**About this task**
Only a number is wanted here: the count of lines in the entries below that contain the word "from".

**Task inputs**
'''

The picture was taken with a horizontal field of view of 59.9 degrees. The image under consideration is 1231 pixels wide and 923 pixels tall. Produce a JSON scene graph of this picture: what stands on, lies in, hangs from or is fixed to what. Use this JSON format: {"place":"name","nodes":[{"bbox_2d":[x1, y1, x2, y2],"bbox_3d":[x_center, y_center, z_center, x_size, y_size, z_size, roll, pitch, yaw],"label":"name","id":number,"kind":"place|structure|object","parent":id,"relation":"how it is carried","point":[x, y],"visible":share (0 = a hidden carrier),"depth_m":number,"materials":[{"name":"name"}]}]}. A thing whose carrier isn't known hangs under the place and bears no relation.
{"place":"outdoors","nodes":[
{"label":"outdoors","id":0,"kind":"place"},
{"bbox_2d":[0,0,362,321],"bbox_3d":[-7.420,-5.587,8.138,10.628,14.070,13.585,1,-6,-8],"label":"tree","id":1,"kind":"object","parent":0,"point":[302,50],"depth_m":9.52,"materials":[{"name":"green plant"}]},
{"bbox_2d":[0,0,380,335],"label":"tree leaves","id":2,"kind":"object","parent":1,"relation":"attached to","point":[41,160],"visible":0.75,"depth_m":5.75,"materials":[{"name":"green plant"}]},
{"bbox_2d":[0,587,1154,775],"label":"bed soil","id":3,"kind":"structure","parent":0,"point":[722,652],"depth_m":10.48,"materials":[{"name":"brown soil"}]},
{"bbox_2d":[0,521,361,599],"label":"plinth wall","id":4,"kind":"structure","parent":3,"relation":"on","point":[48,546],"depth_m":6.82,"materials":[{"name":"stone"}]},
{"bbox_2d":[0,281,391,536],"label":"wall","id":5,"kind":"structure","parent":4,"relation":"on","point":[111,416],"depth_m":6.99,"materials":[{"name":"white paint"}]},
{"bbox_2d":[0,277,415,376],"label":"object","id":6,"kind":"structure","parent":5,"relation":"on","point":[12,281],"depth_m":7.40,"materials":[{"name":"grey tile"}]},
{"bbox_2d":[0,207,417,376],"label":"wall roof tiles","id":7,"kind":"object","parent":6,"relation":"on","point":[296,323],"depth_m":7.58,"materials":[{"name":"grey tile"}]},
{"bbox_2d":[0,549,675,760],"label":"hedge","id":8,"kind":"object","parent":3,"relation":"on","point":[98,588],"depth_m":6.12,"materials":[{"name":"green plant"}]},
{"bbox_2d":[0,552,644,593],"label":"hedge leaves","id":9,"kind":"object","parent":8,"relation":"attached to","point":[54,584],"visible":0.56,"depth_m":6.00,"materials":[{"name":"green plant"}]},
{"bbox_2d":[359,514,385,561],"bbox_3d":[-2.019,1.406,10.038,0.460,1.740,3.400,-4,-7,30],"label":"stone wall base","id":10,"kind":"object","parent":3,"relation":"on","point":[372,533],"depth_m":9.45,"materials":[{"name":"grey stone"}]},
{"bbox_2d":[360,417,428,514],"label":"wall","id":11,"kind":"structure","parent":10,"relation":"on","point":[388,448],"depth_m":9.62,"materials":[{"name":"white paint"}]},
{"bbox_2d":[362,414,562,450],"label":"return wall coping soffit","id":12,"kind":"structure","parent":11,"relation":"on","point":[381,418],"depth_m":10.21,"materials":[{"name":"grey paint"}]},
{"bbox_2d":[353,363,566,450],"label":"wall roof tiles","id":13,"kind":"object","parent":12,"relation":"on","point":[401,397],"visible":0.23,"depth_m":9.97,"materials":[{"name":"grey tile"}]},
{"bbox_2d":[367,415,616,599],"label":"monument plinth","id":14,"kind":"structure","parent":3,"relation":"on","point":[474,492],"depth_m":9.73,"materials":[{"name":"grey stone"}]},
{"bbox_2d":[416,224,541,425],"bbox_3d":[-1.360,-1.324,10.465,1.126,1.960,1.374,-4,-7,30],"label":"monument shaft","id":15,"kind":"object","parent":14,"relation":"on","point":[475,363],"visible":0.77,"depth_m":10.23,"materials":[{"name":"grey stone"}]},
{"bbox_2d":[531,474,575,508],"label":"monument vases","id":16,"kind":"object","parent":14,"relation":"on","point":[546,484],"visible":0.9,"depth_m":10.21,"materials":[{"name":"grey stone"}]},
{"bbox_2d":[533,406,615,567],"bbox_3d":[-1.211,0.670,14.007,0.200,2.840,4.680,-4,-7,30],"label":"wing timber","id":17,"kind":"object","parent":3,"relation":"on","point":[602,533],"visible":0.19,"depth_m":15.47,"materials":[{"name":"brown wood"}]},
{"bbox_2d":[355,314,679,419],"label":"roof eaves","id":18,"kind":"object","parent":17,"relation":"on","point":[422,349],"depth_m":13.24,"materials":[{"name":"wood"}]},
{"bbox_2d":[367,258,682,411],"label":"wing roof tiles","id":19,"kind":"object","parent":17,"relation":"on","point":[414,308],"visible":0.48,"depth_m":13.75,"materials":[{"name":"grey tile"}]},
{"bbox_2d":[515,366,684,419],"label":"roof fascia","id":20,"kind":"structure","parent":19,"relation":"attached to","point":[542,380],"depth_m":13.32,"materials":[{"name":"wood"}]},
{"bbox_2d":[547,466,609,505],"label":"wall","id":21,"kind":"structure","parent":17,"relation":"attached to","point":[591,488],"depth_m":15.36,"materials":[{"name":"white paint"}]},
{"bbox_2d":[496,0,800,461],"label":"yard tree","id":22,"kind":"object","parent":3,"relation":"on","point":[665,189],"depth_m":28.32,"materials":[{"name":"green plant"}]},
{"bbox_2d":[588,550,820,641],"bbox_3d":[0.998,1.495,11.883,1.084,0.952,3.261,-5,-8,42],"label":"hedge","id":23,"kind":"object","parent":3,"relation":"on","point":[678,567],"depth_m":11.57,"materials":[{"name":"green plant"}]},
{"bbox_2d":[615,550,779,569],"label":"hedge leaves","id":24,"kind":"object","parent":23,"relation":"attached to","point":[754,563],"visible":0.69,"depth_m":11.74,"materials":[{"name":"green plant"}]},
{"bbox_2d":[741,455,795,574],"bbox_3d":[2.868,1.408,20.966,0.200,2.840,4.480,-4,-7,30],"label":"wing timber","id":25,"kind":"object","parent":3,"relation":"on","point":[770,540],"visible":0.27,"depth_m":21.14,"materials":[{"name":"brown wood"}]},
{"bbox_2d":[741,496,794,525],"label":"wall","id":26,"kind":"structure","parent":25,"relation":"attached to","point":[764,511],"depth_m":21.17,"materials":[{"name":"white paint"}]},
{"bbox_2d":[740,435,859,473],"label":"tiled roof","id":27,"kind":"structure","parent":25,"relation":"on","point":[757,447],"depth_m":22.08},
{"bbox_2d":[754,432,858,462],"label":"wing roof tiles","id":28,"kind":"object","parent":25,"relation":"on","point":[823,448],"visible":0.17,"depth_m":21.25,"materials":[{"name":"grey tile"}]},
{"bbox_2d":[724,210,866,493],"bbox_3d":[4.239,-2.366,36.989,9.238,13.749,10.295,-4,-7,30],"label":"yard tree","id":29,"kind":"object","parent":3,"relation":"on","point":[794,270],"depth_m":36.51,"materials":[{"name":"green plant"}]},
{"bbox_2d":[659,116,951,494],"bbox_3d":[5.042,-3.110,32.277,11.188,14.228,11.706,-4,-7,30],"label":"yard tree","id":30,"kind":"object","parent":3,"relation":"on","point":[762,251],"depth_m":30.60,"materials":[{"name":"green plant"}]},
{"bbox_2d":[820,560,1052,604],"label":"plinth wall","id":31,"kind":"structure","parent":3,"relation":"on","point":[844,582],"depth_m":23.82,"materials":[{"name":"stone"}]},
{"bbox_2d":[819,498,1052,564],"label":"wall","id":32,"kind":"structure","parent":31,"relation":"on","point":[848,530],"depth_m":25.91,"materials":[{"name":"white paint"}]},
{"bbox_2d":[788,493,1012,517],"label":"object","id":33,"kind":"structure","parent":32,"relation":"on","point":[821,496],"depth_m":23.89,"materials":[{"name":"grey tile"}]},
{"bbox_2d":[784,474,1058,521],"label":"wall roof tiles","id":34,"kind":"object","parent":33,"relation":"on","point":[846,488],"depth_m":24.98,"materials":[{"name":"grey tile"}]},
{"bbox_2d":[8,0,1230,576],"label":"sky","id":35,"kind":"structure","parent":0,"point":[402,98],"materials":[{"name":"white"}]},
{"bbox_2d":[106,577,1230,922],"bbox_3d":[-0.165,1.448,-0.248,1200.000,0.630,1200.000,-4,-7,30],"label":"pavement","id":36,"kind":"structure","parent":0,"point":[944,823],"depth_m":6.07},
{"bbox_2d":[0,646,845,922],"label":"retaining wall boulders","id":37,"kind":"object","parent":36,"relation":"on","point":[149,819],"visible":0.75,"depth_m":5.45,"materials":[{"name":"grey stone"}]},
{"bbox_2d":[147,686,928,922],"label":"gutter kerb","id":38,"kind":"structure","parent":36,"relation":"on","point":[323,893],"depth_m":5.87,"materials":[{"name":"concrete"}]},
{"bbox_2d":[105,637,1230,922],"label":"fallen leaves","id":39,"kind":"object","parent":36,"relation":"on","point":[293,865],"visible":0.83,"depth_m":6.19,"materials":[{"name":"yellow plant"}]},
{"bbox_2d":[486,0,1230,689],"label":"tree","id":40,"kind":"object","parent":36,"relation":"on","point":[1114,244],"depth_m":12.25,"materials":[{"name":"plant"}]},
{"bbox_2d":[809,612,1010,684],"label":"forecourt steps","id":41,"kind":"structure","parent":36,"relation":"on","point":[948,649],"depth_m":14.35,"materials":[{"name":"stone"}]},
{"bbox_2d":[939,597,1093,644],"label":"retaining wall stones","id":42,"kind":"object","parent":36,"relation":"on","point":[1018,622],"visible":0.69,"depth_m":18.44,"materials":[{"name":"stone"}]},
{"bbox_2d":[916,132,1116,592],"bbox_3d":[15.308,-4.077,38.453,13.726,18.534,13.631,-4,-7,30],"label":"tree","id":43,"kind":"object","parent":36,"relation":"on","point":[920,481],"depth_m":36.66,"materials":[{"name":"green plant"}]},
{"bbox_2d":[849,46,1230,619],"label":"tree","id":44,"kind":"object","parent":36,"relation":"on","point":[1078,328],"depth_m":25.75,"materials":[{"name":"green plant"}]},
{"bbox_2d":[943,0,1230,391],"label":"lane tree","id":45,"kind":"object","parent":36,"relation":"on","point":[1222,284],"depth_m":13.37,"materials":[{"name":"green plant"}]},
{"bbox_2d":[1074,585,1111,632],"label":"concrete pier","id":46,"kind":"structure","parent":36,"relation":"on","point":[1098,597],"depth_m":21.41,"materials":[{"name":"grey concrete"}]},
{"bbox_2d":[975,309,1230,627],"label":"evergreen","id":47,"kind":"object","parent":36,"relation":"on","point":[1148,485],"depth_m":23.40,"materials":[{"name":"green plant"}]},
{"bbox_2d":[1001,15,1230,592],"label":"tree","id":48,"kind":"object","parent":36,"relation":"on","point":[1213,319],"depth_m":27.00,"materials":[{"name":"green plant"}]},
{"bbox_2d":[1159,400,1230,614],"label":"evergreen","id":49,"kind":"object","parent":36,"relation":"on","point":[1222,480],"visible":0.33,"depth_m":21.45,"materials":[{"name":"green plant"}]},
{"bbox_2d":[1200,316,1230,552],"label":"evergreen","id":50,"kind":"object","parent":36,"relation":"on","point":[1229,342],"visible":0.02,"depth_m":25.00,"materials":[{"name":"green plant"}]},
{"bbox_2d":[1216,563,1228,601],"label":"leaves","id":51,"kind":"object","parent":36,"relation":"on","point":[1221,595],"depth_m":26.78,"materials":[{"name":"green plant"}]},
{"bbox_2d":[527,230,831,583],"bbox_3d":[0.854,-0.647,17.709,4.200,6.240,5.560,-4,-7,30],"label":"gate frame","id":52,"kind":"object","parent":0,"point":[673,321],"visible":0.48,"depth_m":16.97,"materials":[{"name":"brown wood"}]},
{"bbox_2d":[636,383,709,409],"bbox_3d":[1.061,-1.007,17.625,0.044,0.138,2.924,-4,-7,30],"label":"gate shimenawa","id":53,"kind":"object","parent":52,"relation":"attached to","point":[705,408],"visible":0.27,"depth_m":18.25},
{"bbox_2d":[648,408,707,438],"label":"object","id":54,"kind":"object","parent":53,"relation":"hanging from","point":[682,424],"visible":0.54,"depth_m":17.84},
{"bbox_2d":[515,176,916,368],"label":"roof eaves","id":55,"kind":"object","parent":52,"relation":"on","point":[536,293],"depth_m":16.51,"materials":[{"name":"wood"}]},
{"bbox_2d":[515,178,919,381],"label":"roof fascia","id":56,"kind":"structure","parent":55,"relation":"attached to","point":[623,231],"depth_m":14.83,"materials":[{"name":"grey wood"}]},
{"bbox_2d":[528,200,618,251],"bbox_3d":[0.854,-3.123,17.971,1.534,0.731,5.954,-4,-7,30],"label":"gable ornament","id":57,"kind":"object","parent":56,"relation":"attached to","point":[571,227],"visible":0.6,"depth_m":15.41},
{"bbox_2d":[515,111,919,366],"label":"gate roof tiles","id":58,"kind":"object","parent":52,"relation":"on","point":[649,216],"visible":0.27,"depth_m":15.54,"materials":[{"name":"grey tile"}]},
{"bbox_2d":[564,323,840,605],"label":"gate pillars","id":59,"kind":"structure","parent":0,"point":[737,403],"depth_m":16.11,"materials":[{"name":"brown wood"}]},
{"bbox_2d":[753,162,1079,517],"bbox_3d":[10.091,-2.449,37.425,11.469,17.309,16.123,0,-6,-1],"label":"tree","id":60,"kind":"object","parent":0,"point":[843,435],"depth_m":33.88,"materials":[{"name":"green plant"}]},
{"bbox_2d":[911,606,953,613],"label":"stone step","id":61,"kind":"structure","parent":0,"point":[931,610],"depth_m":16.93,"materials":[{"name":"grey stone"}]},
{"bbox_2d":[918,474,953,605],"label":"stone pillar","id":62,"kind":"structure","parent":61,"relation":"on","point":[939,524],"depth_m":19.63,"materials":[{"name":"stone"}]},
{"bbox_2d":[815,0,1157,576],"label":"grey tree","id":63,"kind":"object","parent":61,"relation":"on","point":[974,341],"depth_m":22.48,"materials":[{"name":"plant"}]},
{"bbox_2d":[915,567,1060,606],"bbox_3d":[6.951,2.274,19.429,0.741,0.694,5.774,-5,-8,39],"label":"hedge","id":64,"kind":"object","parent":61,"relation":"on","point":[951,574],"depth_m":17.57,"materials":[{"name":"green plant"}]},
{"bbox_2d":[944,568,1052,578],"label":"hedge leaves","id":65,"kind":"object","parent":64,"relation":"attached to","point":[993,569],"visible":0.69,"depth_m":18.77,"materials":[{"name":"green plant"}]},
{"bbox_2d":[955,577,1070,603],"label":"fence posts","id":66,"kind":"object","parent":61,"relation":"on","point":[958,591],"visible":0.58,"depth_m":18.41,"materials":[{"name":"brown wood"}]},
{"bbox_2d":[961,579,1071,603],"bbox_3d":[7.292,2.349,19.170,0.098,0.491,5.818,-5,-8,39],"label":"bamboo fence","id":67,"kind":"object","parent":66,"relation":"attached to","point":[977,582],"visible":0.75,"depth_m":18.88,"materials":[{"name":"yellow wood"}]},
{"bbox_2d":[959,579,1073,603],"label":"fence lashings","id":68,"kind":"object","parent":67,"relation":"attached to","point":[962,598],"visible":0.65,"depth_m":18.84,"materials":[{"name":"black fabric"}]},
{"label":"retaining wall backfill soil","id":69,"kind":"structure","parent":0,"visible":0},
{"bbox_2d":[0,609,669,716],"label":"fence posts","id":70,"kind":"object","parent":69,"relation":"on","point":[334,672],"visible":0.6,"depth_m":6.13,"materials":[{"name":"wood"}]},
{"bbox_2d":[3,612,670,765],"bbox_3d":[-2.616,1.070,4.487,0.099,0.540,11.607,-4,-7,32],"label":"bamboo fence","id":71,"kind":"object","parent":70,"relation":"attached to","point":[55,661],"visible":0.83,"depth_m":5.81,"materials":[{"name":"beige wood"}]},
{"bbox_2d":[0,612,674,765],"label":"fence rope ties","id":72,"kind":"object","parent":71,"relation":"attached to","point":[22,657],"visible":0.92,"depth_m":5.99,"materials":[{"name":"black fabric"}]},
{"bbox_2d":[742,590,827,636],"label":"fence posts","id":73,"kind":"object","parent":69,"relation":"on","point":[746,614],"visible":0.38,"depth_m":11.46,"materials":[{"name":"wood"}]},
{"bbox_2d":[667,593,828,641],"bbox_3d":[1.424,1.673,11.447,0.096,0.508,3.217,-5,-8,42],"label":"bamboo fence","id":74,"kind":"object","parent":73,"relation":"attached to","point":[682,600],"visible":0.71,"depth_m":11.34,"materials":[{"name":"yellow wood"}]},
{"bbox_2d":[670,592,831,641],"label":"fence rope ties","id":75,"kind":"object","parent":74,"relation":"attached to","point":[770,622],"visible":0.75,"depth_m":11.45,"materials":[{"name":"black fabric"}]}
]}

'''

**Exercise answer**
2